Example, someone with diabetes, he/she will be unable to buy one even though willing to pay higher for it.
The sufficiency of a medical card primarily lies in the annual/lifetime limit. Age of coverage is secondary - as long as it covers up to 80 yo.
So the questions to you is - what is the annual & lifetime limit of your 10y+ old medical card? Then we can tell you whether it is enough by today's standard and beyond.
Also curious on your '12% higher premiums comparison done' remark, share with us what you are looking at?
Hi, Erika
Here is the details:
Existing plan – annual limit RM1.2mil, NO lifetime limit (unlimited) R&B RM200. The medical card coverage ends on my 80 birthday.Annual premium is RM5230.
New insurance mentioned above. R&B RM200 Annual limit RM2mil. No liftetime limit. Annual premium is RM5832. (this is an quotation shown by a agent) this covers up to 90YO birthday.
I do not catch on your “age of courage is secondary’, it sounds not that importnat here. The probabilty to have an agressive treatment above 80YO is not so high, or I may not be around. Haha.. Looking forward to your review.

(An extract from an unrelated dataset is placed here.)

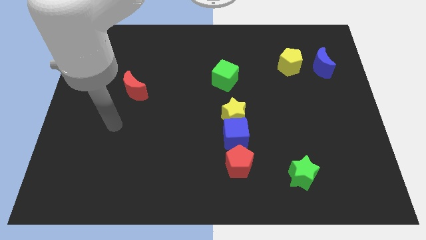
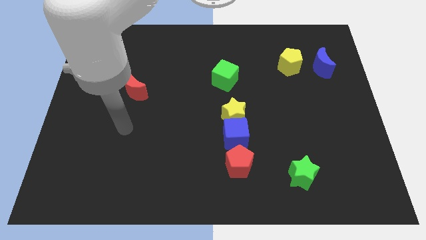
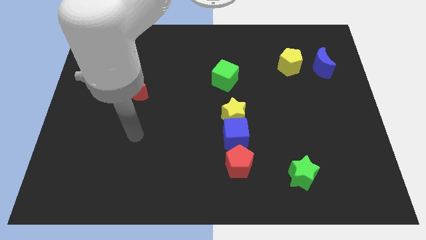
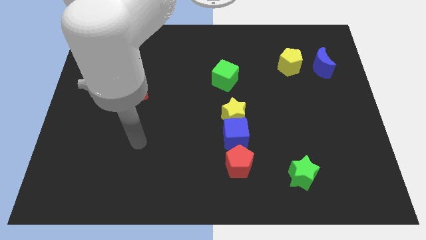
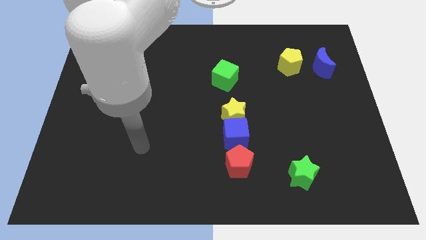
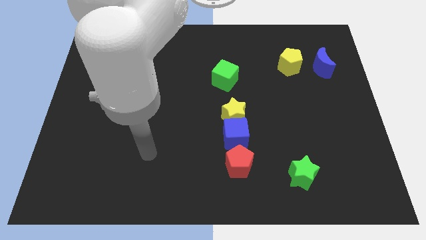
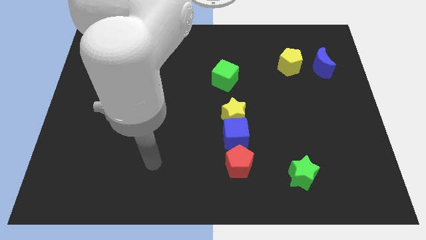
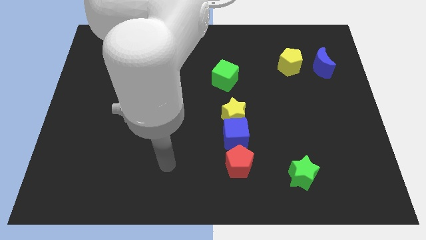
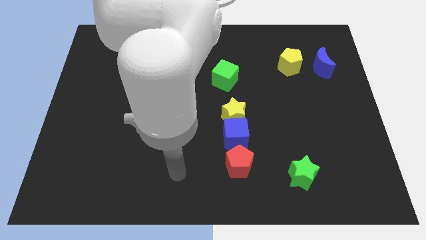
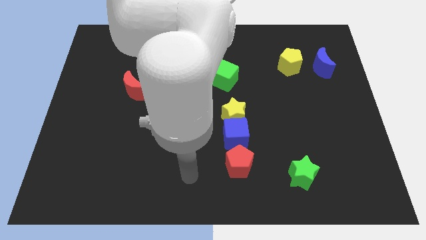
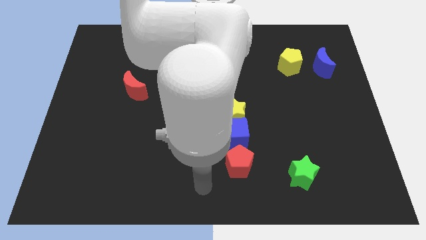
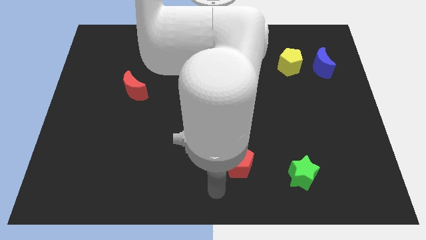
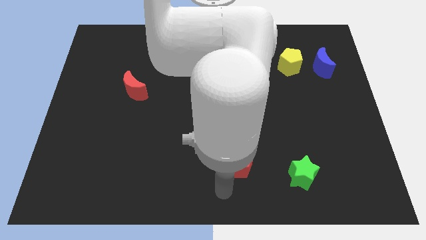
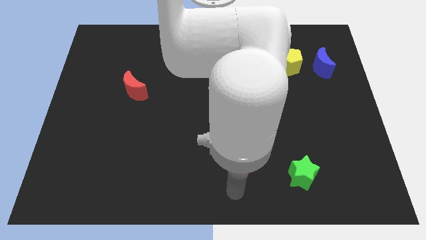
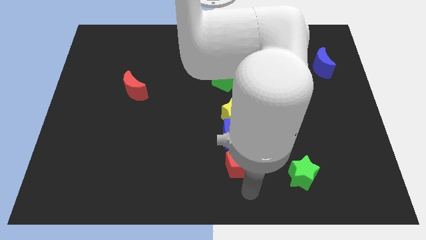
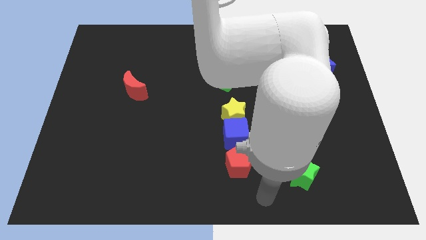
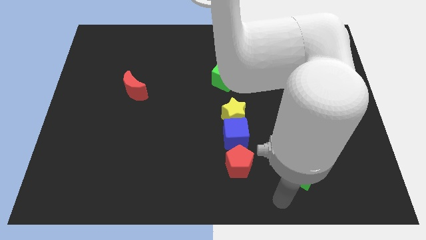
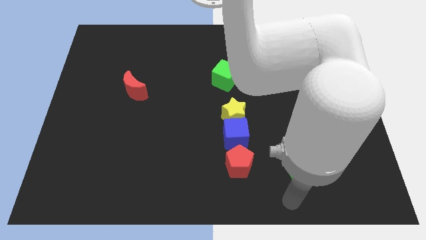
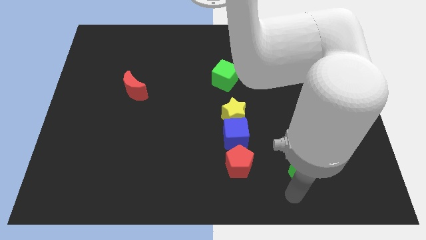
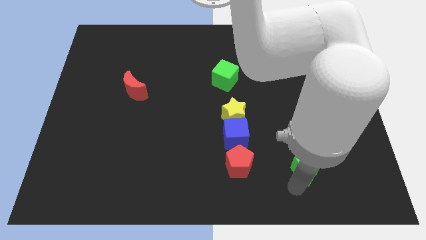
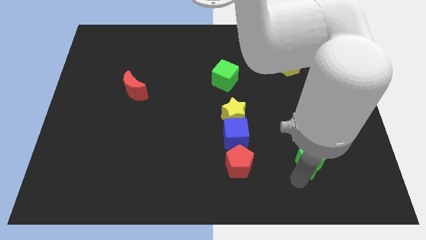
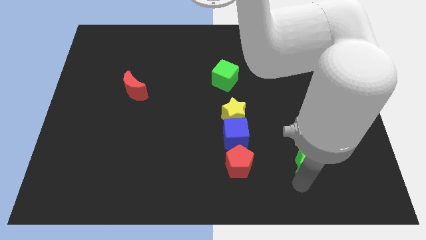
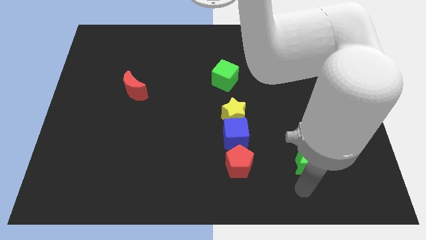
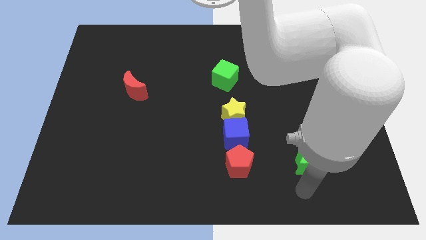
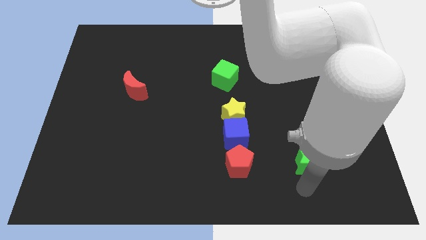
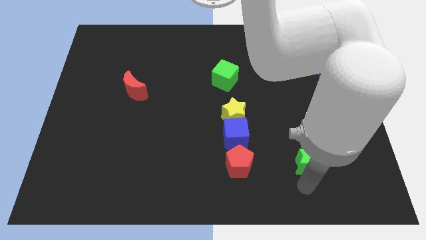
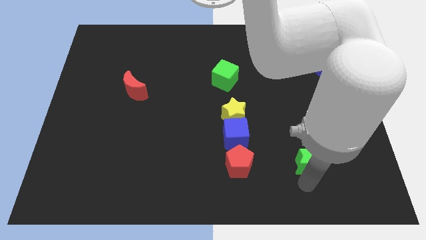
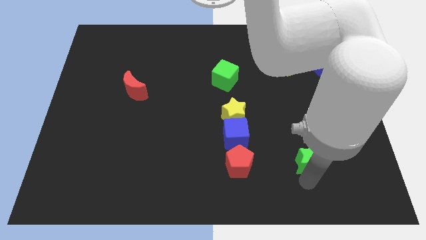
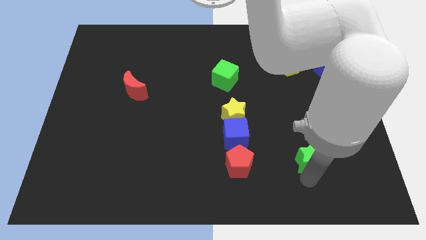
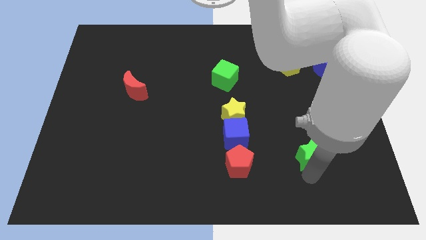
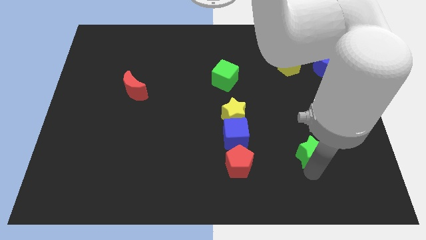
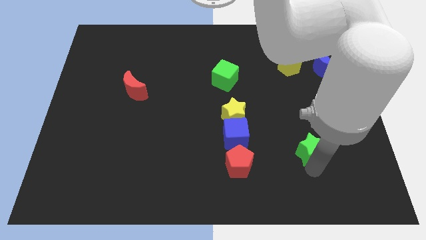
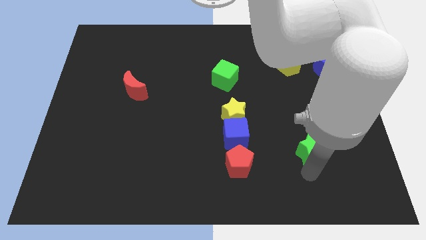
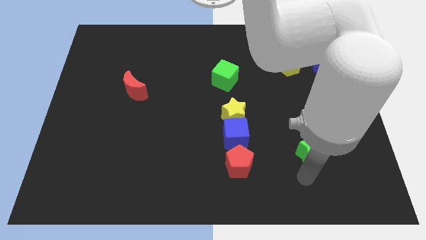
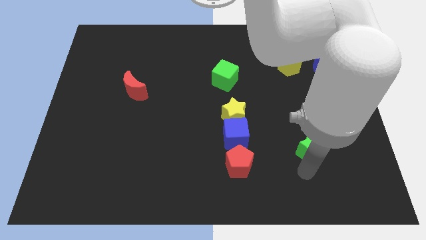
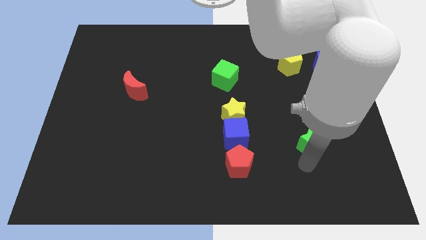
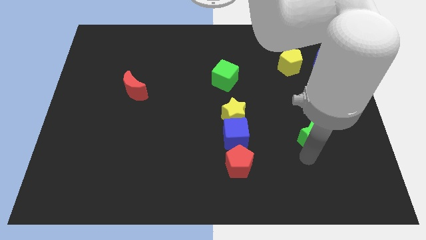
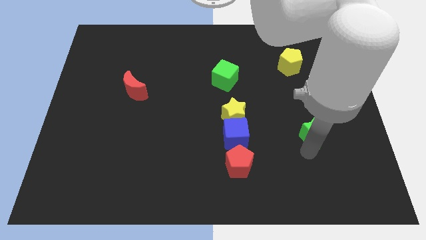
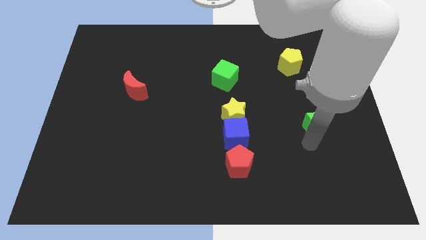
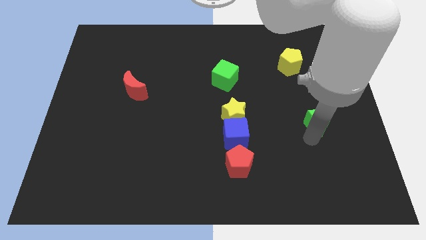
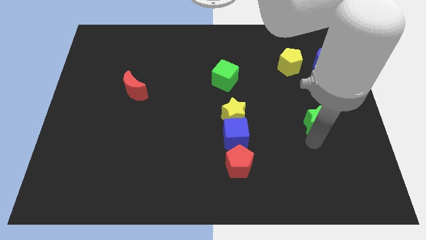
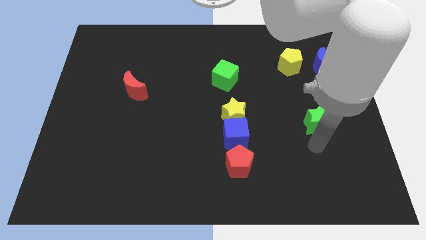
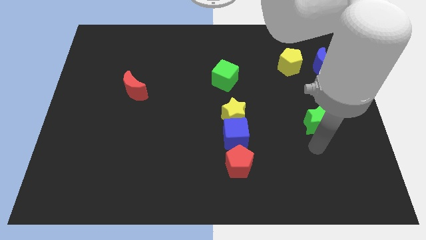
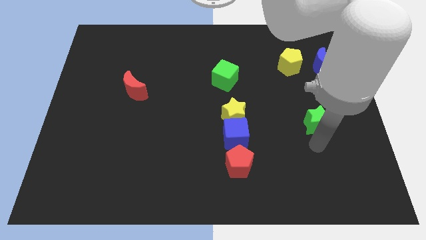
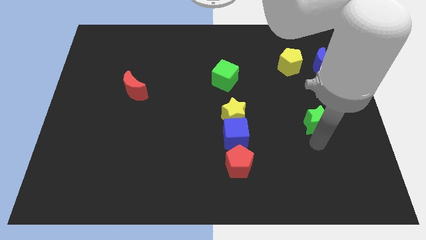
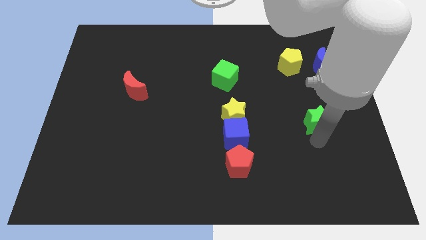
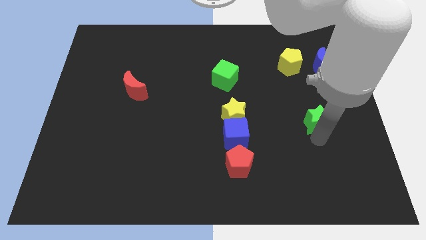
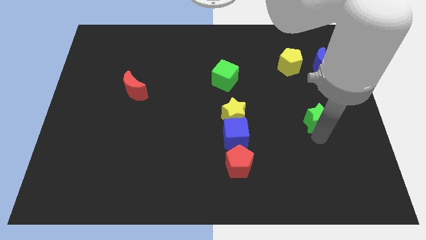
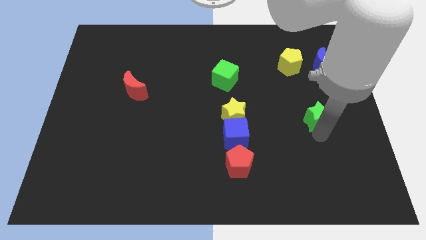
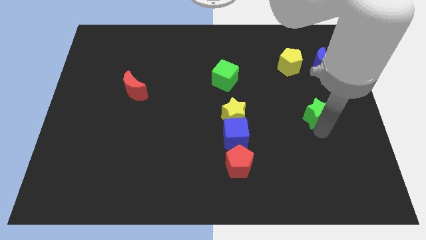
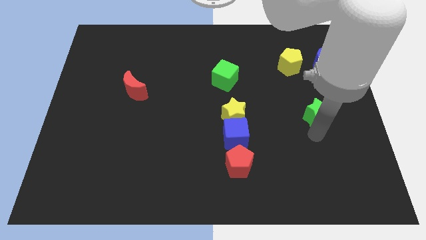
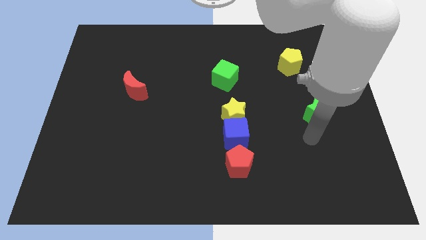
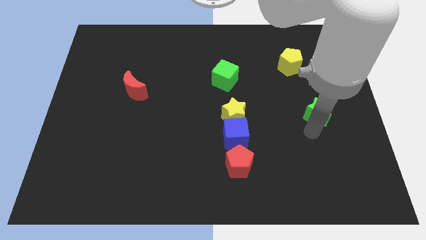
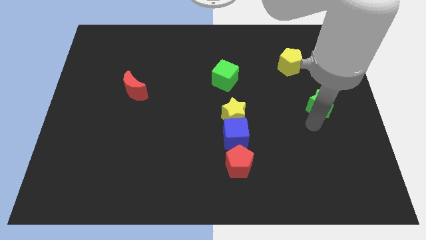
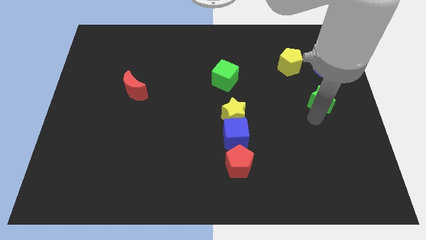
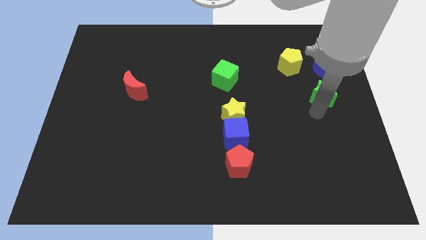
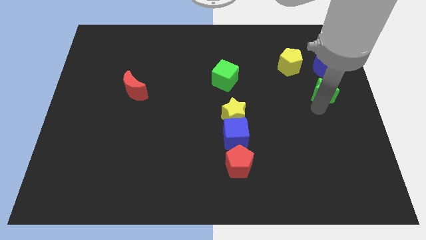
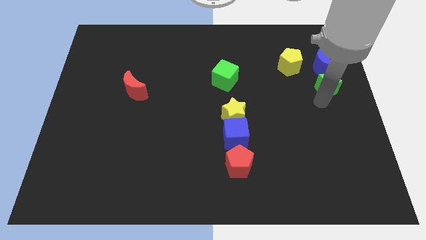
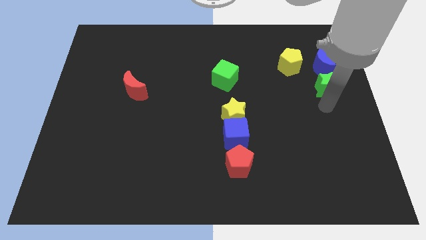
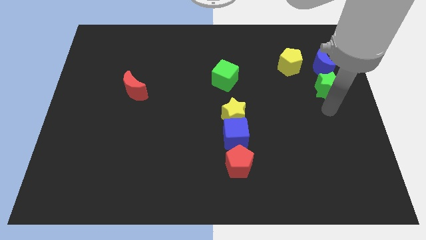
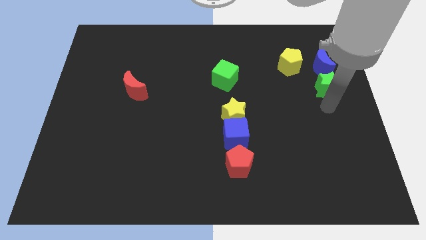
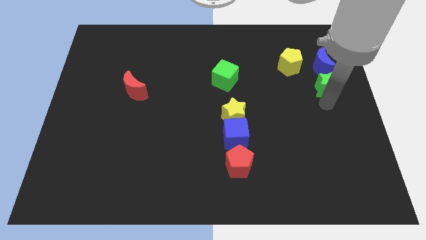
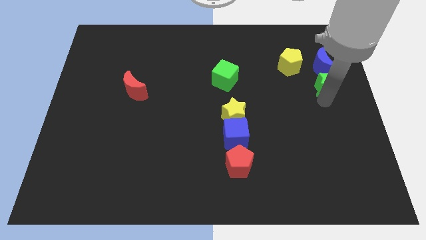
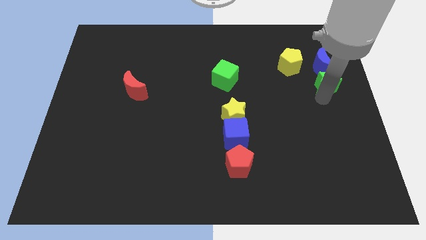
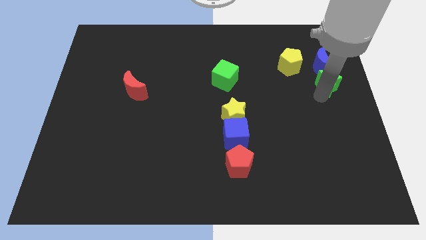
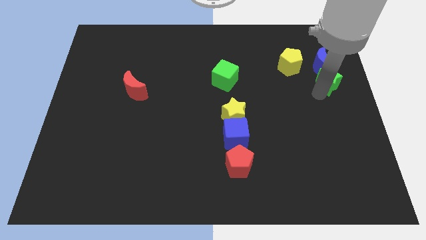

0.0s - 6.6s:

Keiko, thank you for sharing the scenario - yes, the upgrade does make sense.
Was referring to both - as you put it - the probabilty of undergoing high cost treatment above age 80 is low, and depending on one's family history, one may not live beyond age 80, but covering to age 90 is great in most cases.
And you want to budget in for this 5.8k/year expenses for the next few decades (financial planning), taking into account likely hike in premium costs in the later years (age 70+)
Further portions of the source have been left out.